One thing to keep in mind is that if your competitors are smart and notice that you haven’t re-directed your URLs correctly, they could point links from other websites or directories to your different URLs causing a search engine to crawl these (basically creating a forced crawl of all your different URLs) that could lead to a drop in rankings.

FIX: First you will need to find out if there are any additional versions of your website or homepage in the index.
You can do this by using the site: operator (put site: before all your URLs in a search engine’s search box to check if they’re in the index eg. site:http://www.yourwebsite.com). 

If you have multiple versions of your site in a search engine’s index you will need to ‘301 re-direct’ the unwanted URLs to your main URL as a fix. Manufacturers product descriptionsIf you’re selling a product online through a distributor or manufacturer, chances are the products they provide come with a standard piece of text or a product description that many people use on their sites. If there are a hundred other websites out there with the same product – or worse still, an entire range of products that you sell that are all using the same manufacturer's product description, you will have duplicate content issues.

FIX: Really the only way to get around this is to modify your content so that it’s unique.
Try writing your own product descriptions so your content is original.

Product pages

If you have a shopping cart, product pages are a hotbed for duplicate content. Usually most people will add multiple products to their site using the same product description but only changing colour, size or another minor element to differentiate these products. As most of the content is the same you could have hundreds of pages with duplicate content on them.

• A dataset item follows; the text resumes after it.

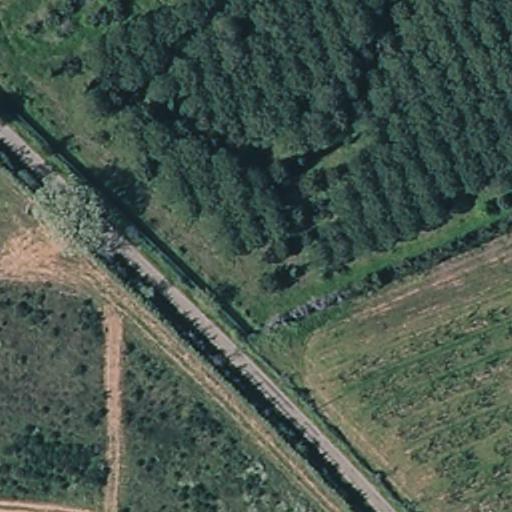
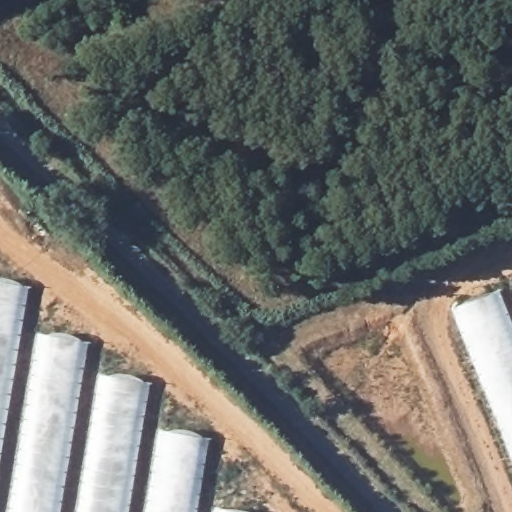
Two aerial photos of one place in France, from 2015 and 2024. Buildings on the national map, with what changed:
new [(28,287),(20,334),(87,342),(82,372),(150,383),(141,429),(210,439),(197,507),(230,512),(0,512),(0,283),(28,287)]
new [(512,285),(512,447),(455,308),(512,285)]

FIX: You could re-write all your shopping cart pages however, if you have a few thousand products this could be a very large job indeed.
Another option is to analyse your website and find out which product generates the most revenue for you and filter out the others using a robots.txt file. (This isn’t the best solution however, you may find the lift in rankings due to less duplicate content penalties will increase your revenue.)

Stolen content

If others have stolen your content, this could lead to a search engine indexing the wrong version (theirs!!). To see if anyone has stolen your content try using Copyscape.

Multiple domains

If you have multiple domains you will want to ‘301 re-direct’ these to your main domain name. Don’t set up multiple websites using the same content on different domains as this will cause issues with duplicate content filters.

The final word

duplicate contentAs you can see there’s a few ways your site can produce duplicate content. If you are aware of these issues and take appropriate measures to ensure your site doesn’t suffer from these, you shouldn’t have too many problems.